The other day I told a friend I might be in Gothenburg for a concert; she asked me what show, knowing full well she would have no idea who it was because she is just not into following music. It defies all logic for her – and for many of my friends – that I can put together a mix of music several times a year with so many things they have never heard of.

But for me I can’t say I think I would be living without constantly seeking out new music. To fully live life, it needs a soundtrack.

The lover
I do not love easily or often. When I do, on these rarest of occasions, I know it. I know I love and there are no questions or doubts about the feeling or what it is or what it means. (Does it mean there is no fear? Of course not. But there is no doubt whatsoever about what the feeling is.) When I love truly and deeply, pulled by an undeniable force that I can’t control, I would go to the ends of the earth. Despite my infamous insular, self-driven and independent nature, I am, by love, transformed to become expansive in my inclusion of the person I love, inviting them to also inhabit the world we create together – a person for whom I would go anywhere, do almost anything and defend, support and love through dark and light, bad and good.
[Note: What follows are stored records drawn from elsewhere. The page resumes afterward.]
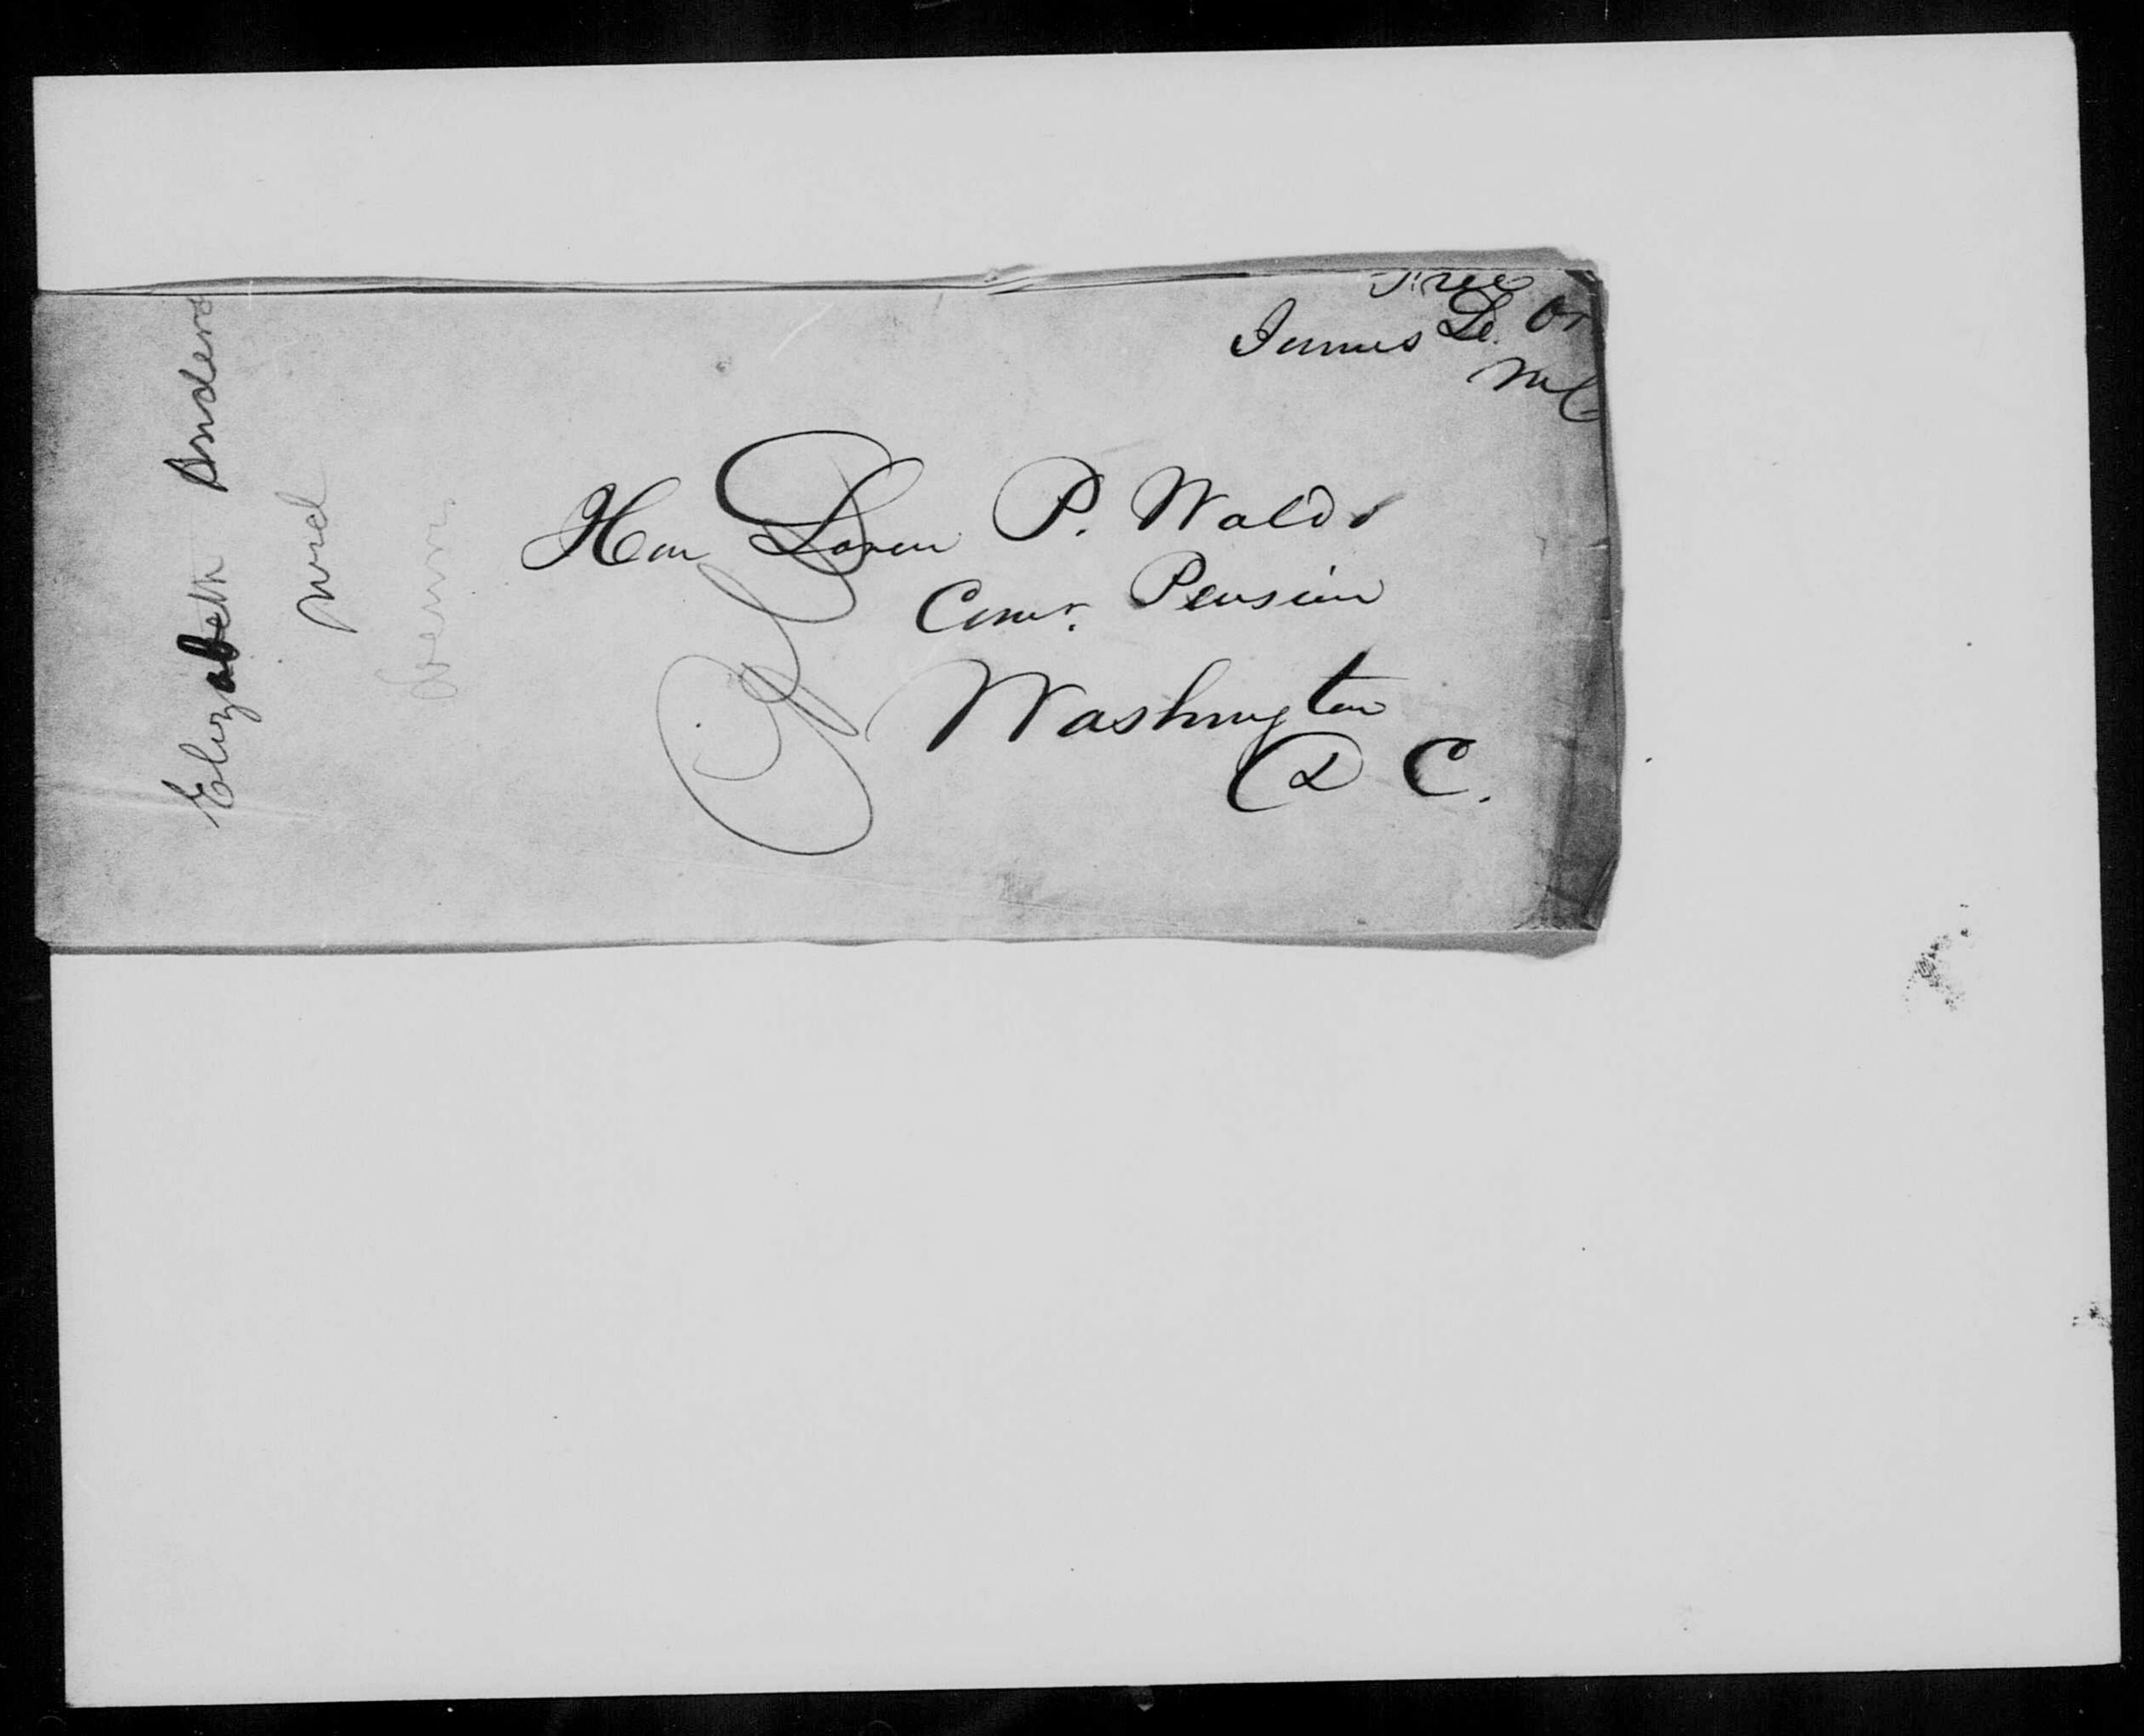[illegible right corner]

[Horizontal]
Hon Loren P Waldo
Com. Pensions
Washington 
D C.


[Vertical]
Elizabeth Anders(son)
wid
Denn


Cole

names: Loren P Waldo, Elizabeth Anders, James L Orr
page: 25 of 51
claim: widow's
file: W. 9700, Denney Anderson, S.C.

This all-encompassing approach should make it clear why I don’t and can’t feel this way about just anyone (as much as I simultaneously revile and admire people who think they fall in love with every person they meet – the whole thing must be very easy for them. Not to be dismissive, of course).

It happens that this infernal New Age book I recently read (yes, I keep referring back to it) described well how I might describe it. In addition I would say that love is… or, maybe no, not love, but lovingactive loving – is fundamentally a conversation. A conversation that goes on, lingers, does not end, that continues even in silence.

“…the value and process of soulful romance rests in what he calls radical conversation, in which one intends, continuously, to discover more and ever more about oneself and the other. Through such an exchange between two mysteries, one draws nearer to the central mystery of life.

Loving the otherness of the partner is a transcendent event, for one enters the true mystery of relationship in which one is taken to the third place – not you plus me, but we who are more than ourselves with each other.”

“Radical conversation has emotional, imaginal, sexual and spiritual dimensions as well as verbal ones. And the conversation is approached not only with skill and intent but also with innocence and wonder. Neither the other nor the self is a fixed thing. The bottom is never reached. One hopes to be forever surprised.

But of course it’s not all delight and ease. Far from it. We are constantly discovering how we project our shadow – both its light and dark aspects – onto each other. The dance of soulful romance always includes owning back those projections and transferences. Our relationship will expose all the places we are emotionally blocked, blinded, wounded, caged, protected, or otherwise limited.” -Bill Plotkin, Soulcraft

Does this mean no doubts ever creep in? No. But they don’t negate, erase, eliminate or diminish the underlying feeling or its strength.

Doubt’s a constant stream of questions (these don’t all apply to me; just a generic list): Am I rebounding? Am I clear-headed enough to embark on something significant? Am I repeating the exact same pattern that got me into a long and one-sided love affair from years ago? Am I ready for this? Or, for example, as one friend pointed out about people ending long relationships and possibly heading into new ones, have they really grappled with the question, “Who am I outside the old/long relationship?”

Yes, questions and doubts because that is what it is to interact and be with those with whom we are in love: to shut out the noise of too many superfluous questions and practicalities, all of which do not matter at the core of it all, and to find a place together (emotionally more than physically) that is both centered and calm at the same time as setting you alight and keeping you deeply rooted in the moment, wanting more but being content all at once.

At the core of it all, I will still live fully. I am fully alive. And I love. And I know I love.